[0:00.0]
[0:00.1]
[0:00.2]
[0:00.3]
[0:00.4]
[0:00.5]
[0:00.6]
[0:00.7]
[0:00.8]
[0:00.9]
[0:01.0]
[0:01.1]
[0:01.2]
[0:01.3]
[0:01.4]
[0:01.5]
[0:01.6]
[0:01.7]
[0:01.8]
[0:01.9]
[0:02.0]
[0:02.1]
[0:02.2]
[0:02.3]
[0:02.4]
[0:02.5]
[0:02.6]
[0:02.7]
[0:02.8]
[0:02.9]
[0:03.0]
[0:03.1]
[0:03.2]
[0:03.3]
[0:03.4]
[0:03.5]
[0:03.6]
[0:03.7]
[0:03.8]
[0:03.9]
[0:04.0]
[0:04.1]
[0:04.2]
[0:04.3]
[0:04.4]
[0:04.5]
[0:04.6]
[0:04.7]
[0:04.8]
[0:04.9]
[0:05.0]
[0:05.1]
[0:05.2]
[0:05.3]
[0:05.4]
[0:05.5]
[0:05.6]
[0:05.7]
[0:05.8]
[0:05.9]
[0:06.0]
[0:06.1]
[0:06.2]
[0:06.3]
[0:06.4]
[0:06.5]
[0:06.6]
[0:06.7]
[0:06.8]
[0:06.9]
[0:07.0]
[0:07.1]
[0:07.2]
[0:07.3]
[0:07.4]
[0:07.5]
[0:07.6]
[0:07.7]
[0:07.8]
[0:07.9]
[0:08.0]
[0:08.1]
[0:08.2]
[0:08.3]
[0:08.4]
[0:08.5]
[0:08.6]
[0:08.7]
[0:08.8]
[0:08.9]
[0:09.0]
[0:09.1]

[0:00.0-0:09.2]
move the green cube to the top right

*WHAT YOU ARE ASKED TO DO:*
Your task is to copy every entry above, exactly as written.

*RESULT OF THIS TASK:*
[0:00.0]
[0:00.1]
[0:00.2]
[0:00.3]
[0:00.4]
[0:00.5]
[0:00.6]
[0:00.7]
[0:00.8]
[0:00.9]
[0:01.0]
[0:01.1]
[0:01.2]
[0:01.3]
[0:01.4]
[0:01.5]
[0:01.6]
[0:01.7]
[0:01.8]
[0:01.9]
[0:02.0]
[0:02.1]
[0:02.2]
[0:02.3]
[0:02.4]
[0:02.5]
[0:02.6]
[0:02.7]
[0:02.8]
[0:02.9]
[0:03.0]
[0:03.1]
[0:03.2]
[0:03.3]
[0:03.4]
[0:03.5]
[0:03.6]
[0:03.7]
[0:03.8]
[0:03.9]
[0:04.0]
[0:04.1]
[0:04.2]
[0:04.3]
[0:04.4]
[0:04.5]
[0:04.6]
[0:04.7]
[0:04.8]
[0:04.9]
[0:05.0]
[0:05.1]
[0:05.2]
[0:05.3]
[0:05.4]
[0:05.5]
[0:05.6]
[0:05.7]
[0:05.8]
[0:05.9]
[0:06.0]
[0:06.1]
[0:06.2]
[0:06.3]
[0:06.4]
[0:06.5]
[0:06.6]
[0:06.7]
[0:06.8]
[0:06.9]
[0:07.0]
[0:07.1]
[0:07.2]
[0:07.3]
[0:07.4]
[0:07.5]
[0:07.6]
[0:07.7]
[0:07.8]
[0:07.9]
[0:08.0]
[0:08.1]
[0:08.2]
[0:08.3]
[0:08.4]
[0:08.5]
[0:08.6]
[0:08.7]
[0:08.8]
[0:08.9]
[0:09.0]
[0:09.1]

[0:00.0-0:09.2]
move the green cube to the top right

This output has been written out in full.